On March 19, 2024, Adams re-signed with the Steelers on a two-year contract. He made his first sack as a member of the Steelers on September 8, 2024 against Kirk Cousins as the Steelers defeated the Atlanta Falcons 18-10. In Week 7's victory over the New York Jets, Adams suffered a knee injury that led to him being placed on the team's injured reserve list. He was activated from injured reserve on December 14, 2024.

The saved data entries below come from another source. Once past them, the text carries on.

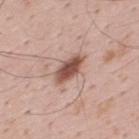Q: Is there a histopathology result?
A: total-body-photography surveillance lesion; no biopsy
Q: What kind of image is this?
A: 15 mm crop, total-body photography
Q: What lighting was used for the tile?
A: white-light illumination
Q: Lesion location?
A: the back
Q: What are the patient's age and sex?
A: male, about 35 years old
Q: How large is the lesion?
A: ~4 mm (longest diameter)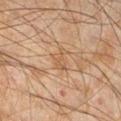This lesion was catalogued during total-body skin photography and was not selected for biopsy. Measured at roughly 2.5 mm in maximum diameter. Imaged with cross-polarized lighting. The patient is a male about 45 years old. Automated image analysis of the tile measured a lesion–skin lightness drop of about 5 and a normalized border contrast of about 5. And it measured a border-irregularity index near 4/10, a color-variation rating of about 1.5/10, and peripheral color asymmetry of about 0.5. It also reported a nevus-likeness score of about 0/100 and a detector confidence of about 55 out of 100 that the crop contains a lesion. Located on the right lower leg. A lesion tile, about 15 mm wide, cut from a 3D total-body photograph.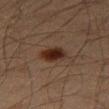notes = total-body-photography surveillance lesion; no biopsy
subject = male, aged 58–62
lighting = cross-polarized illumination
anatomic site = the leg
imaging modality = total-body-photography crop, ~15 mm field of view
diameter = ~3.5 mm (longest diameter)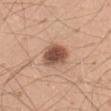A region of skin cropped from a whole-body photographic capture, roughly 15 mm wide. The recorded lesion diameter is about 4 mm. The lesion is on the front of the torso. A male subject approximately 50 years of age. Captured under white-light illumination.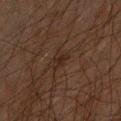{"lighting": "cross-polarized", "site": "right forearm", "automated_metrics": {"area_mm2_approx": 3.0, "eccentricity": 0.85, "shape_asymmetry": 0.3, "border_irregularity_0_10": 3.0, "color_variation_0_10": 0.5, "peripheral_color_asymmetry": 0.0}, "lesion_size": {"long_diameter_mm_approx": 2.5}, "patient": {"sex": "male", "age_approx": 60}, "image": {"source": "total-body photography crop", "field_of_view_mm": 15}}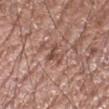Impression:
The lesion was tiled from a total-body skin photograph and was not biopsied.
Acquisition and patient details:
A male patient aged approximately 55. This is a white-light tile. A roughly 15 mm field-of-view crop from a total-body skin photograph. The lesion is located on the right forearm. The recorded lesion diameter is about 3 mm.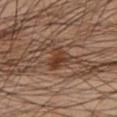The lesion was tiled from a total-body skin photograph and was not biopsied.
Captured under cross-polarized illumination.
Approximately 3.5 mm at its widest.
The lesion is located on the left lower leg.
Cropped from a whole-body photographic skin survey; the tile spans about 15 mm.
The total-body-photography lesion software estimated border irregularity of about 4 on a 0–10 scale, a color-variation rating of about 4/10, and radial color variation of about 1.5.
A male subject, roughly 50 years of age.

On April 28, 2025, it was announced that the Steelers were releasing Adams.

==NFL career statistics==

| Year | Team | Games |  | Tackles |  |  |  | Interceptions |  |  |  | Fumbles |  |  |  |
| GP | GS | Comb | Solo | Ast | Sck | PD | Int | Yds | TD | FF | FR | Yds | TD |
| 2017 | GB | 7 | 0 | 2 | 1 | 1 | 0.0 | 0 | 0 | 0 | 0 | 0 | 0 | 0 | 0 |
| 2018 | GB | 16 | 1 | 20 | 11 | 9 | 1.5 | 0 | 0 | 0 | 0 | 1 | 0 | 0 | 0 |
| 2019 | GB | 14 | 2 | 11 | 4 | 7 | 0.0 | 3 | 0 | 0 | 0 | 0 | 1 | 0 | 0 |
| 2020 | GB | 8 | 0 | 11 | 6 | 5 | 0.0 | 0 | 0 | 0 | 0 | 0 | 0 | 0 | 0 |
| 2021 | NO | 5 | 1 | 7 | 1 | 6 | 0.0 | 1 | 0 | 0 | 0 | 0 | 0 | 0 | 0 |
| PIT | 5 | 4 | 8 | 6 | 2 | 0.0 | 1 | 0 | 0 | 0 | 0 | 0 | 0 | 0 |
| 2022 | PIT | 17 | 9 | 26 | 12 | 14 | 0.0 | 1 | 0 | 0 | 0 | 0 | 0 | 0 | 0 |
| 2023 | PIT | 13 | 8 | 24 | 11 | 13 | 0.0 | 1 | 0 | 0 | 0 | 1 | 0 | 0 | 0 |
| 2024 | PIT | 11 | 0 | 14 | 9 | 5 | 1.0 | 0 | 0 | 0 | 0 | 0 | 0 | 0 | 0 |
| Total |  | 96 | 25 | 123 | 61 | 62 | 2.5 | 7 | 0 | 0 | 0 | 2 | 1 | 0 | 0 |
Source: pro-football-reference.com

==Personal life==
Adams has two sons. On April 28, 2017, Adams and his high school sweetheart, Lateisha Gray, had their first child, Montravius Adams, Jr.

Adams is the son of Debbie Young and Bruce Granville.